Result: R² = 0.9997, RMSE = 0.117, Durbin-Watson = 2.14, all |std. residuals| < 2.0, max Cook's D = 0.32

Residuals show no pattern, Durbin-Watson near 2.0 (no autocorrelation), no outliers or influential points. This is a healthy regression with all assumptions met.

Tips & Best Practices

  • Always examine residual plots before trusting any regression model.
  • A curved pattern in residuals means you need polynomial or transformed terms.
  • Fan-shaped residuals indicate heteroscedasticity — use weighted regression or transform Y.
  • Cook's D > 1 means removing that single point substantially changes the entire regression.
  • If Durbin-Watson is far from 2, consider adding time-lagged predictors or using autocorrelation-corrected regression.
  • Try the "Outlier Present" preset to see how one extreme point affects diagnostics.

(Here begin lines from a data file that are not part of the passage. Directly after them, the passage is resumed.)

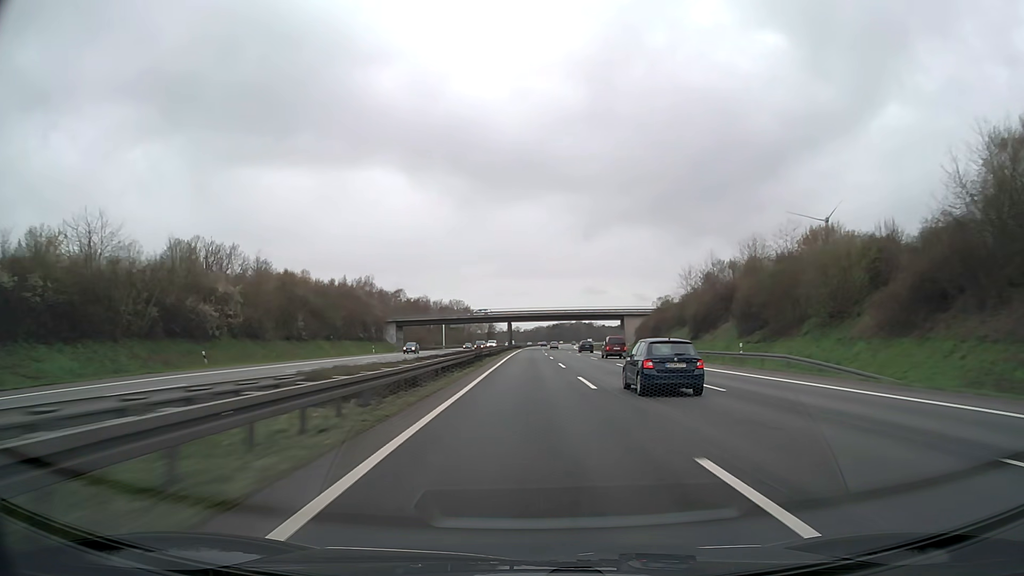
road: motorway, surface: asphalt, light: Day
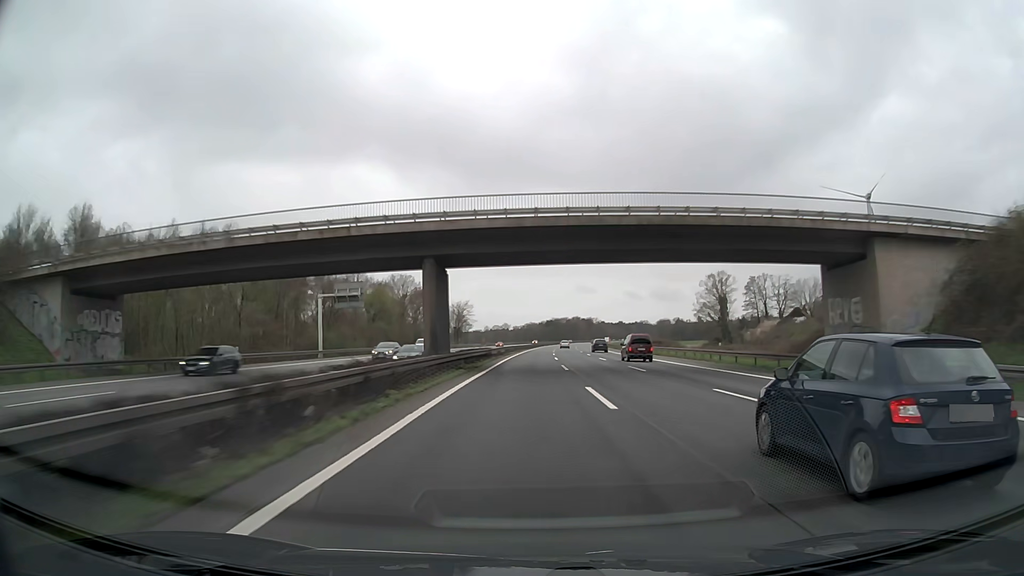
(+0.4, +95.8) m; +1°
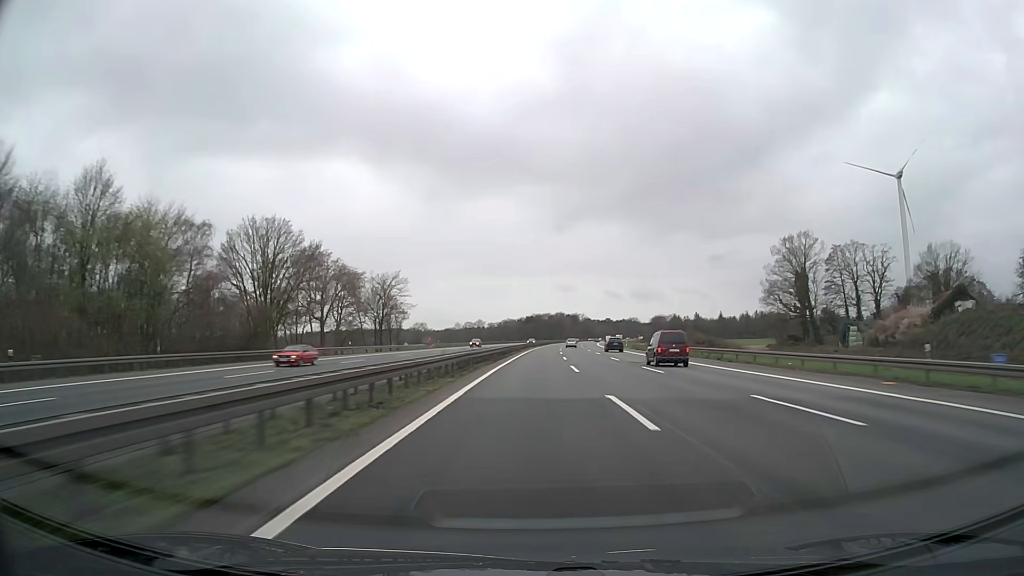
(+0.9, +74.8) m; +2°
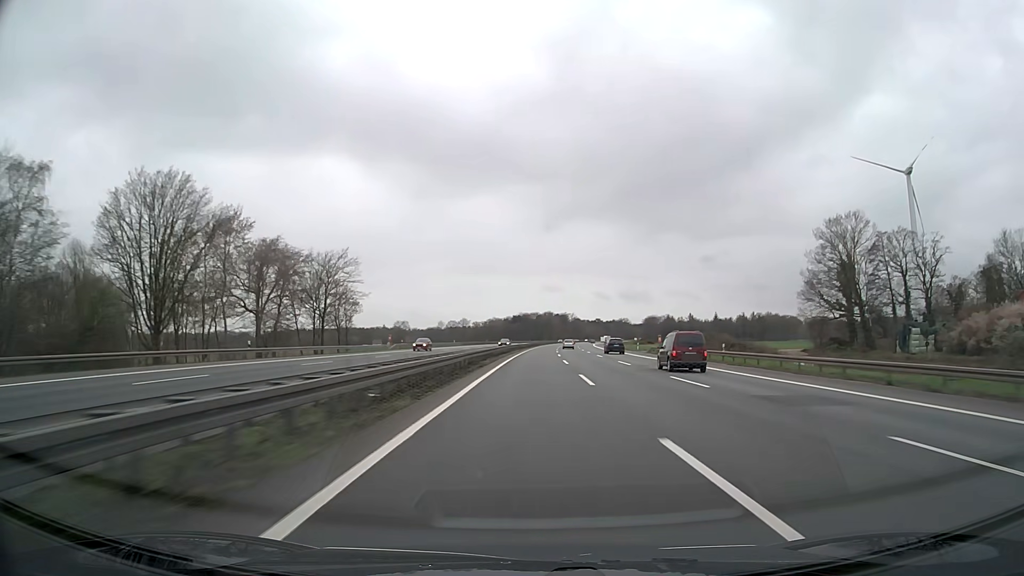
(+0.2, +25.4) m; +1°
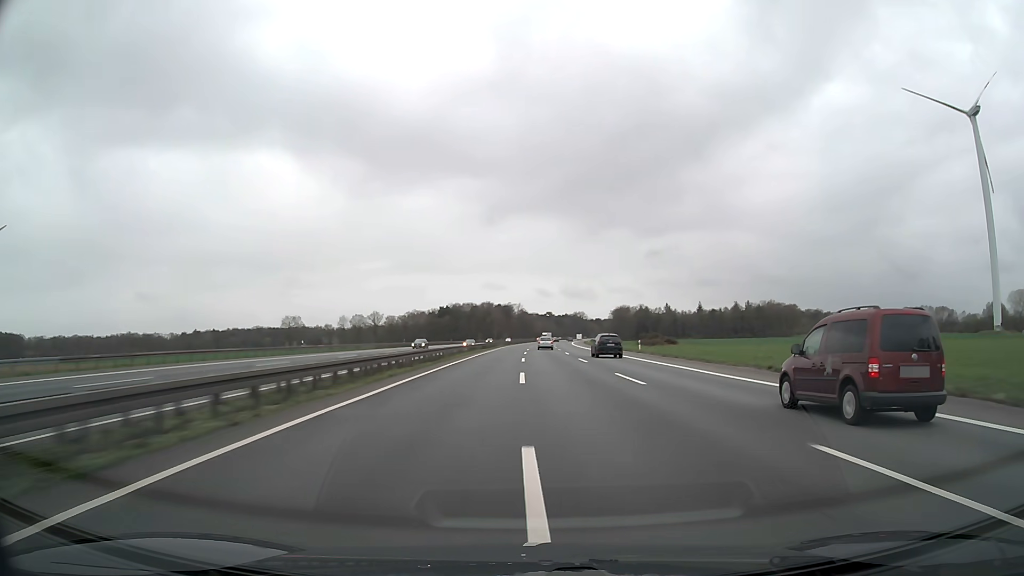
(+6.3, +126.3) m; +5°
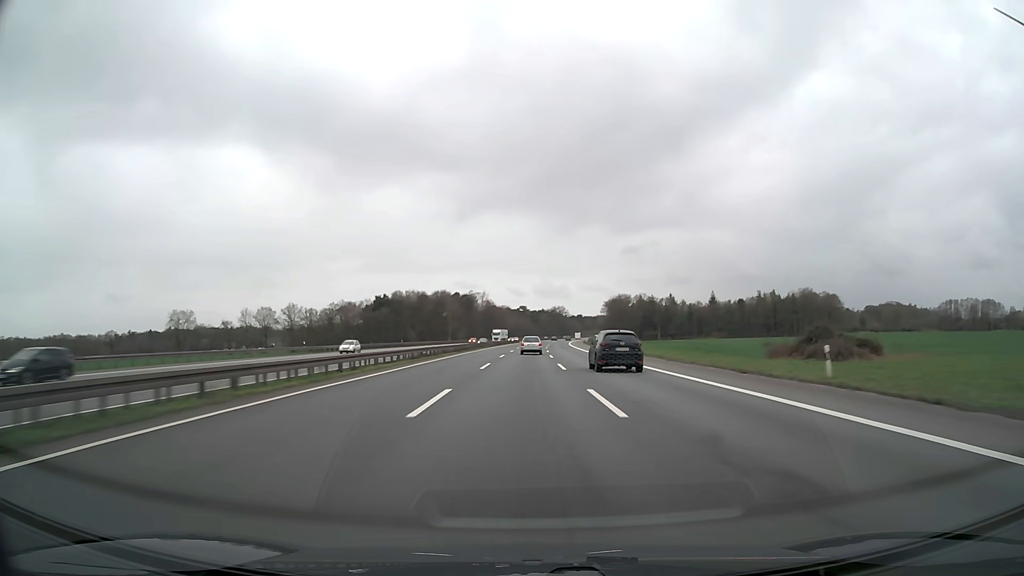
(+2.7, +98.6) m; +2°
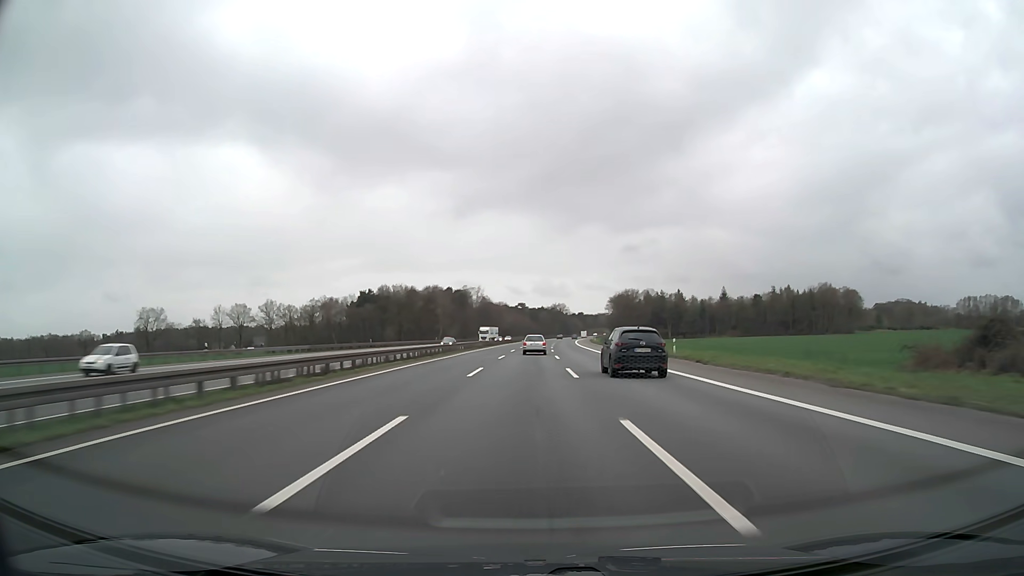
(+0.1, +24.1) m; 0°
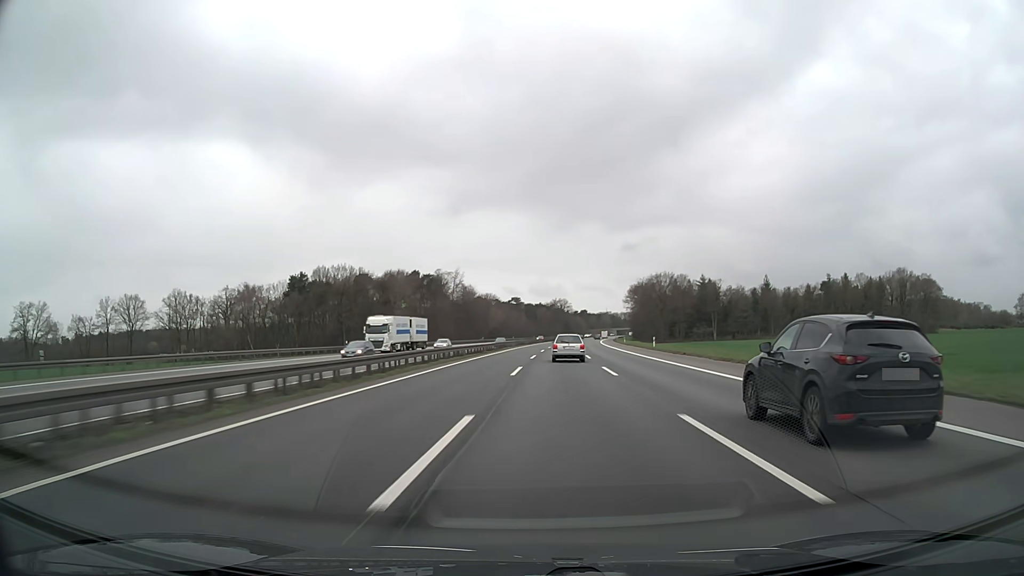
(+0.3, +71.9) m; 0°
(0, +10) (0, +20) (0, +30) (0, +40) (0, +50) (+1, +60) (+1, +70) (+1, +80) (+2, +90) (+2, +100) m

Regression Assumptions and Residuals

OLS regression assumes: (1) Linearity — the true relationship is linear. (2) Independence — residuals are uncorrelated. (3) Homoscedasticity — residual variance is constant. (4) Normality — residuals are normally distributed. Each assumption maps to specific diagnostic tests.

Linearity: Plot residuals vs. predicted values. Random scatter = good. Curves = consider polynomial terms. Independence: Durbin-Watson tests first-order serial correlation. Homoscedasticity: Look for fan shapes in residual plots. Normality: Check skewness and kurtosis.

Influential Points vs. Outliers

An outlier has a large residual — the model predicts poorly for that point. A high-leverage point has an extreme X value. An influential point changes the regression substantially when removed. A point can be high-leverage without being influential (if it falls on the trend), or an outlier without being influential (if leverage is low). Cook's distance captures the combined effect.

What To Do When Diagnostics Fail

Non-linearity: Add polynomial terms or transform variables. Heteroscedasticity: Use weighted least squares or robust standard errors. Autocorrelation: Use generalized least squares or add lag terms. Non-normality: Transform Y (log, sqrt) or use robust regression. Outliers: Investigate data quality, use robust methods (LAD, Huber), or report with and without.

Sources & Methodology

Last updated:

Frequently Asked Questions

  • Raw residuals (eᵢ = yᵢ − ŷᵢ) retain Y-units. Standardized residuals divide by estimated standard deviation accounting for leverage, converting to a unit-free scale where values beyond ±2 indicate potential outliers.